## Aim of the exercise
Starting with the line below that holds "Q: Is the text underlined? A: Yes." and stopping after the line that holds "Q: Monospaced? A: No.", transcribe the lines exactly, leaving out all pictures.

(Stored data entries)
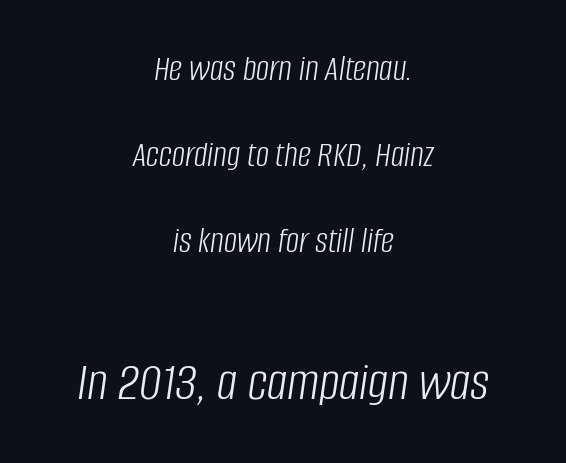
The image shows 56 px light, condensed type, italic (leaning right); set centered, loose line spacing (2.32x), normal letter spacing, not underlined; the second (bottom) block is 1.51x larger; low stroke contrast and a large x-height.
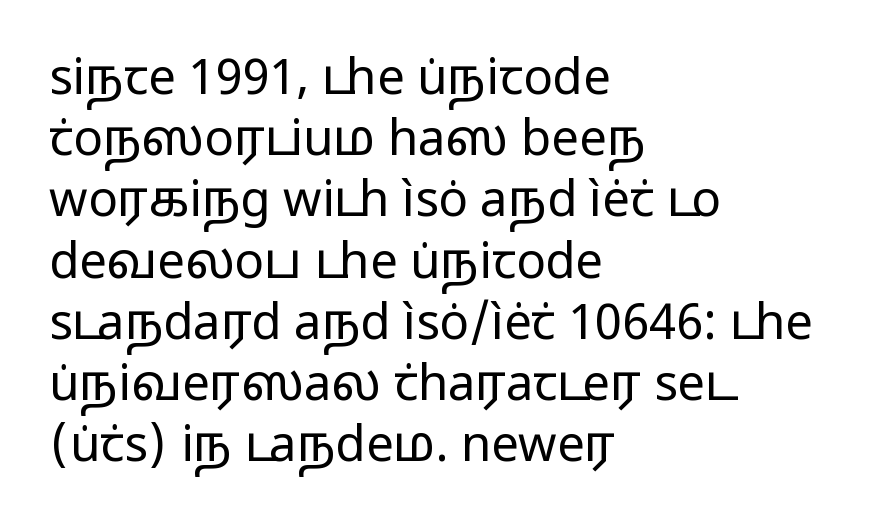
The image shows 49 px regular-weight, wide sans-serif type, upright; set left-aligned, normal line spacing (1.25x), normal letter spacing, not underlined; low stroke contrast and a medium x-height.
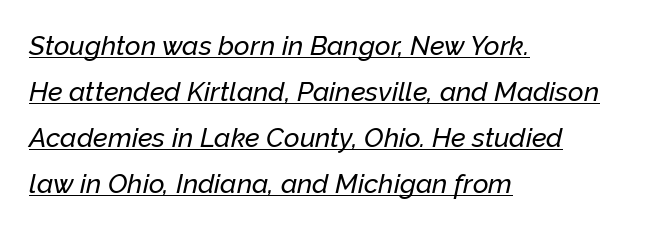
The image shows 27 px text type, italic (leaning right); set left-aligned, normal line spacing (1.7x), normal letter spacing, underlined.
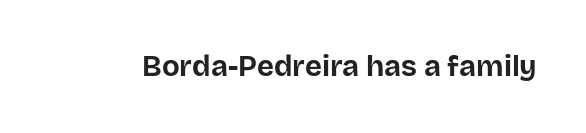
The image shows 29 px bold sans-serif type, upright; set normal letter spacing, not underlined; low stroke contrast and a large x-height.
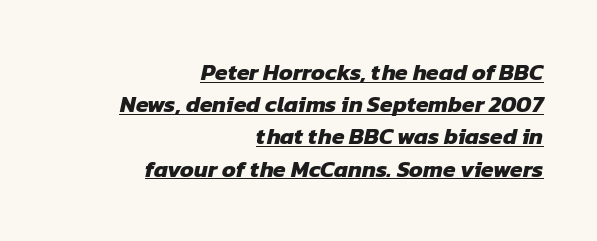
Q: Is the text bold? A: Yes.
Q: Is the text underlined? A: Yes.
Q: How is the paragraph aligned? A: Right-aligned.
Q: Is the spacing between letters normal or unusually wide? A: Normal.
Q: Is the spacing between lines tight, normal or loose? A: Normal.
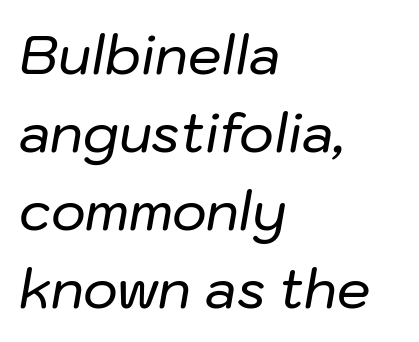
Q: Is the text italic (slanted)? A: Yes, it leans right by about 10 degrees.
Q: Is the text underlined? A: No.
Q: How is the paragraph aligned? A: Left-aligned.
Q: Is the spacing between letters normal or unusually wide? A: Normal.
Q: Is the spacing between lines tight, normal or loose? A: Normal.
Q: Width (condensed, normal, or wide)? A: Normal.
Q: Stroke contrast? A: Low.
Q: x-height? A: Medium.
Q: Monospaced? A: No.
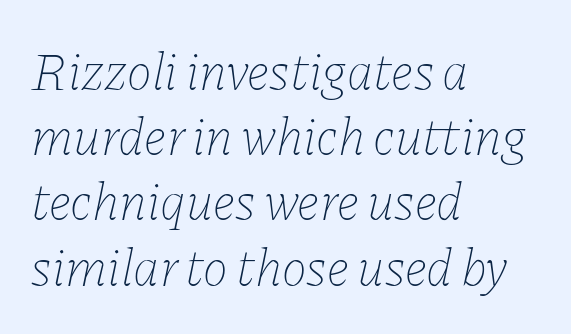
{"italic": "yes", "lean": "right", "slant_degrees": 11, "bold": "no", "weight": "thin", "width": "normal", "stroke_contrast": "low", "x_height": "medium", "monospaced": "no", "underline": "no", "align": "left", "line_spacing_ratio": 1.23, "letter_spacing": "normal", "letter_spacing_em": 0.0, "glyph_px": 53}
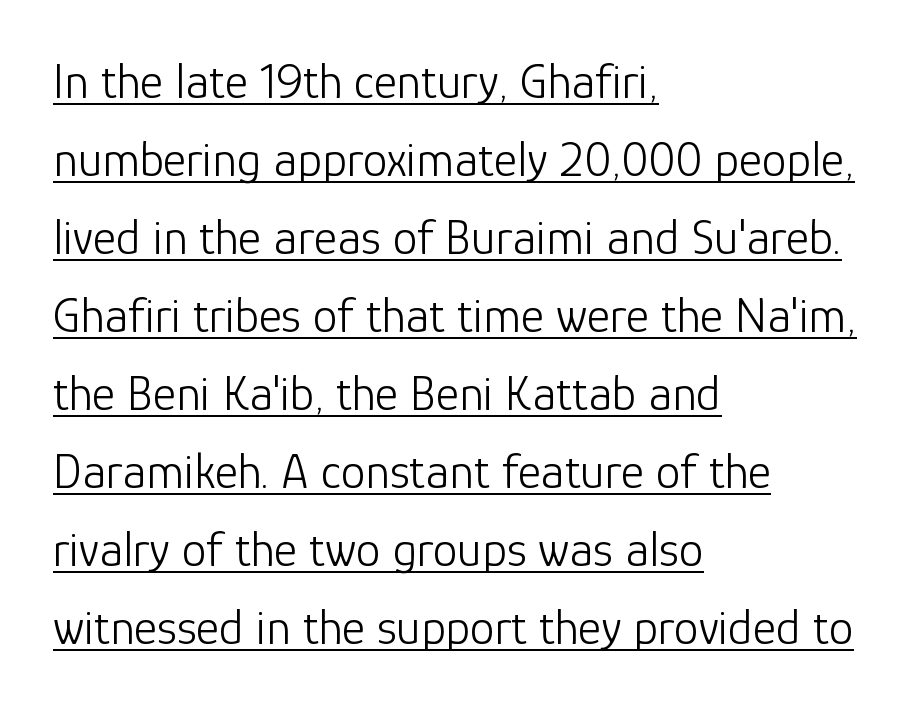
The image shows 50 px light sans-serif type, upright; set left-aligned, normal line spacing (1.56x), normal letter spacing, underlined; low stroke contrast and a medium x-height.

## Answer for the task
Q: Is the text underlined? A: Yes.
Q: How is the paragraph aligned? A: Right-aligned.
Q: Is the spacing between letters normal or unusually wide? A: Normal.
Q: Is the spacing between lines tight, normal or loose? A: Normal.
Q: Is the text italic (slanted)? A: Yes, it leans right by about 10 degrees.
Q: Is the text underlined? A: No.
Q: How is the paragraph aligned? A: Left-aligned.
Q: Is the spacing between letters normal or unusually wide? A: Normal.
Q: Is the spacing between lines tight, normal or loose? A: Normal.
Q: Width (condensed, normal, or wide)? A: Normal.
Q: Stroke contrast? A: Low.
Q: x-height? A: Medium.
Q: Monospaced? A: No.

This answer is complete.